After generating the global index, we executed 20, 40, 60, and 80 queries. We determined the results shown in Figure 17. One-path queries gave 18/20, 37/40, 55/60, and 70/80 responses, while retry queries gave 19/20, 39/40, 59/60, and 76/80 responses. Some guaranteed and default queries did not give a response because, in zone $z2$, there was one device $d40$ with a capacity of 1. Given its capacity of one, it possessed no information beyond its present zone. Any query issued from that device requesting information from another zone did not give a response, since the following device only had information about its local zone. These results were expected, since one-path and retry queries choose one path, while guaranteed and default queries will try all possible paths.
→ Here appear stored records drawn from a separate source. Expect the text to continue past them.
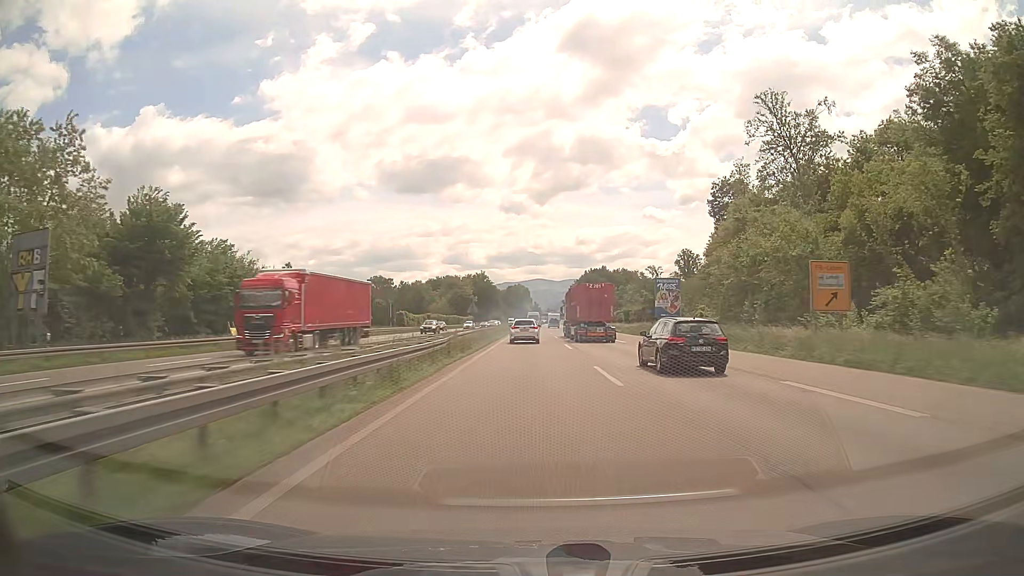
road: trunk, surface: asphalt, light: Day
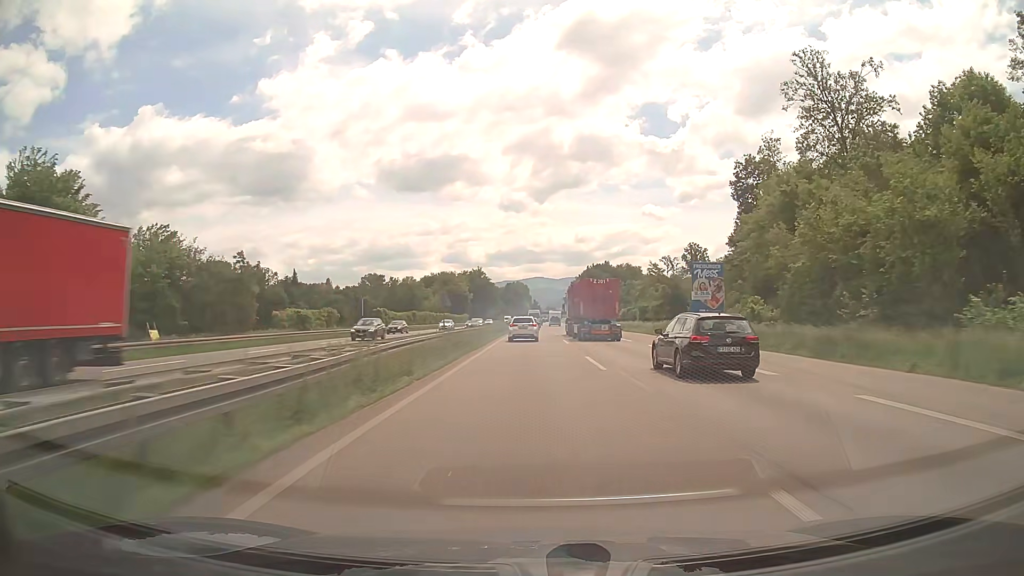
(+0.1, +15.0) m; 0°
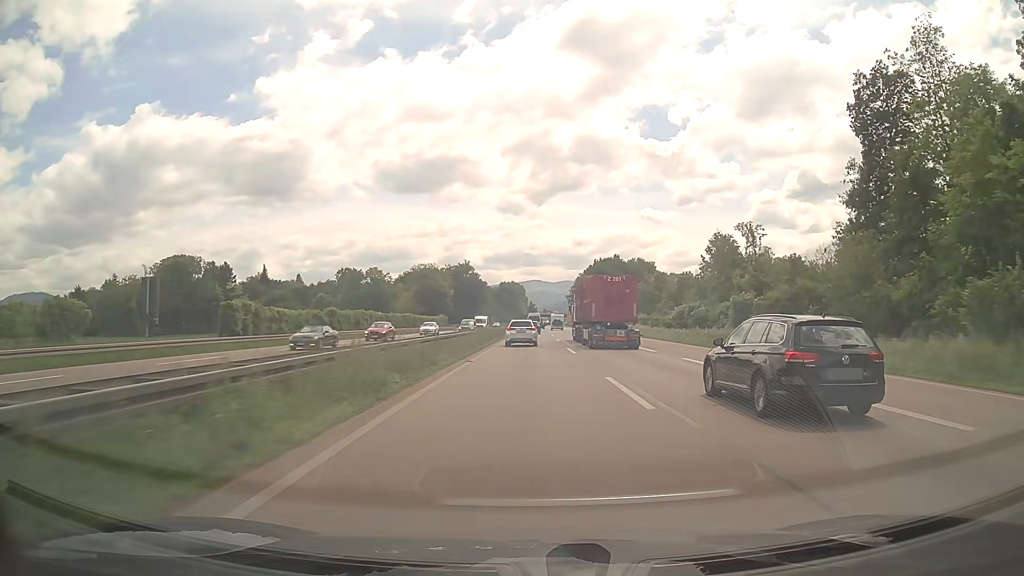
(+0.1, +44.3) m; 0°
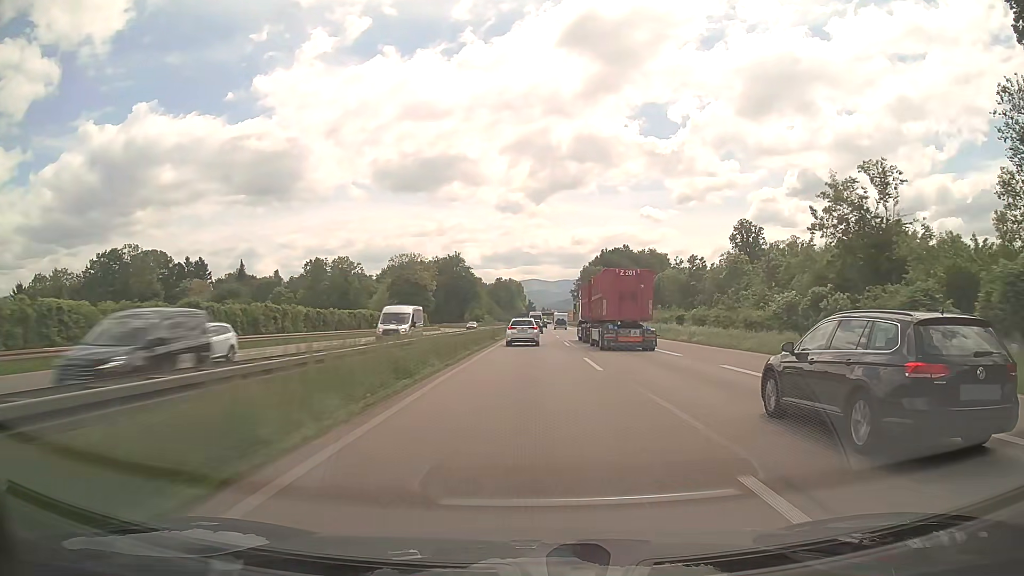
(+0.1, +29.2) m; 0°
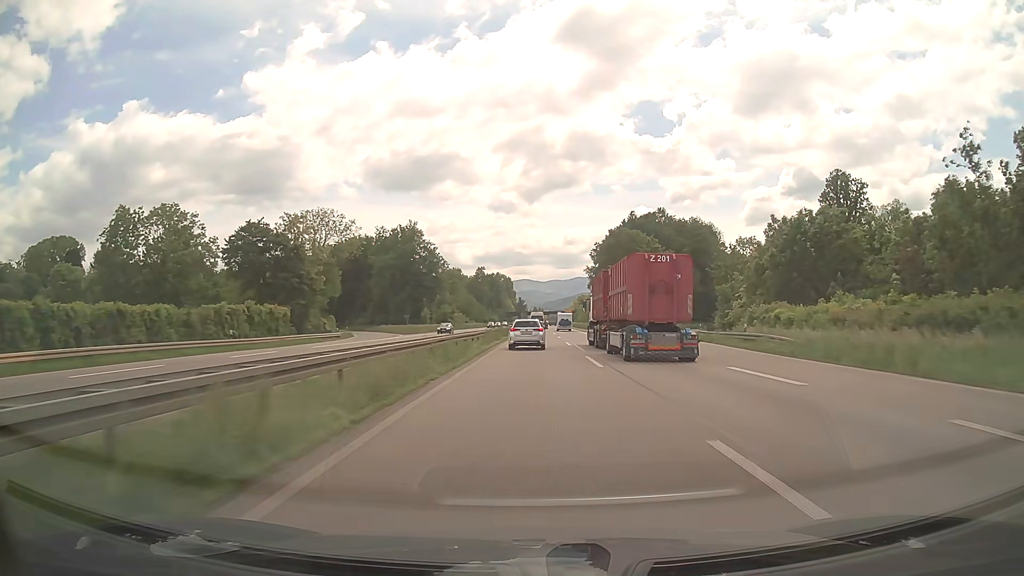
(+0.7, +72.5) m; +1°
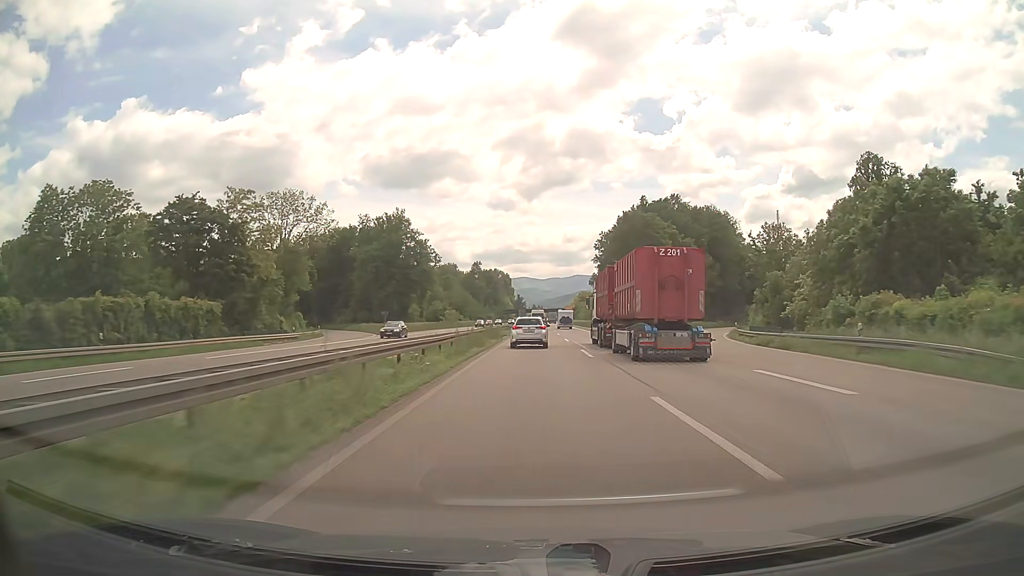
(0.0, +14.5) m; 0°
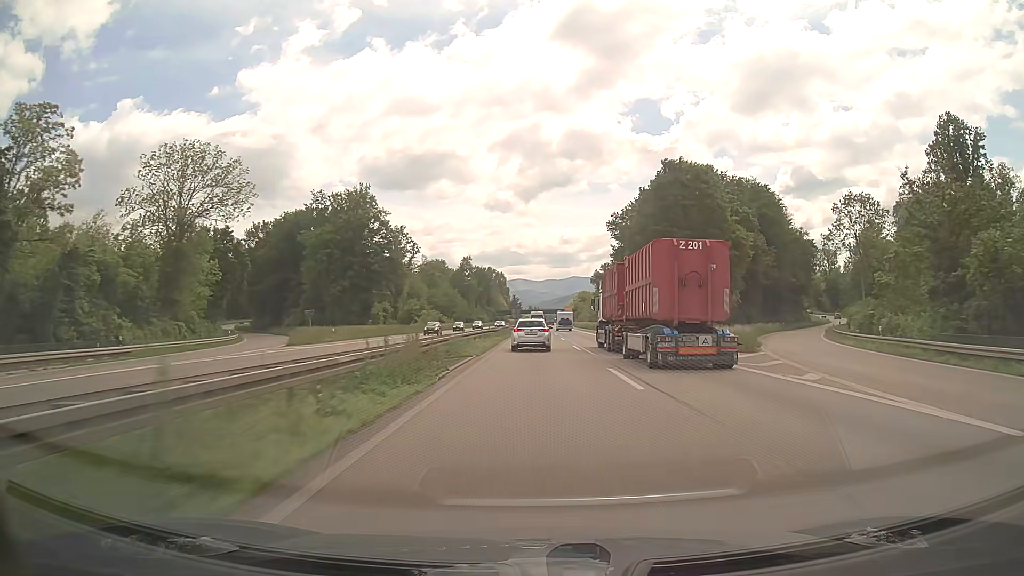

Figure 18 shows the execution time of each query type on this dataset. We used the same source and destination zone in the four cases. The query issued went from $z8$ to $z12$. One-path queries took 0.0059 s, retry queries took 0.0062 s, guaranteed queries took 0.0138, and default queries took 0.0146. Guaranteed and default queries took the longest execution time, because they explored all potential routes. The increased execution time of the default queries can be attributed to their pre-processing tasks, which involved, for example, directing traffic toward highly indexed devices.

6.6. Discussion

Following these results, we can see that our approach produced good results, especially in environments having high-capacity devices. During the index generation, we noticed that our approach was linear regarding zones, while being quadratic in terms of the device. In other words, incorporating devices into our approach required more time compared to the time needed for adding zones. Some queries (like one-path and retry) did not produce responses for environments with low-capacity devices, depending on the number and density of zones. Other types of queries showed a high potential, even when low-capacity devices were encountered, such as guaranteed and default queries. These types of queries can consume more resources (energy) and time, since many devices may be involved and processing is required at some point. All these use cases depend on the user’s needs.

7. Conclusions

In this paper, we proposed a new solution for indexing and querying resources in connected environments. Numerous types of research have been conducted regarding this subject, but the majority did not consider device capacity, covered/uncovered zones, and query types. Additionally, a hybrid overlay architecture was introduced, enhancing the robustness of the index for dynamic environments. The global index generation algorithm consisted of different steps to index the device and had the ability to discover information about covered and uncovered zones, increasing the network life cycle. Moreover, the algorithm took into consideration devices having different capacities (a device cannot store all environment information). Each device was indexed according to its capability. Moreover, various query and response types were introduced to align with user requirements. One-path queries follow one path with a specific strategy, retry queries follow one path with correction capability, and guaranteed and default queries search among all available paths. Different evaluations were performed and produced different results. The challenge of clustering an environment into different zones will be analyzed in future works. Furthermore, more tests will be conducted in real scenarios to evaluate the performance of our approach in various contexts.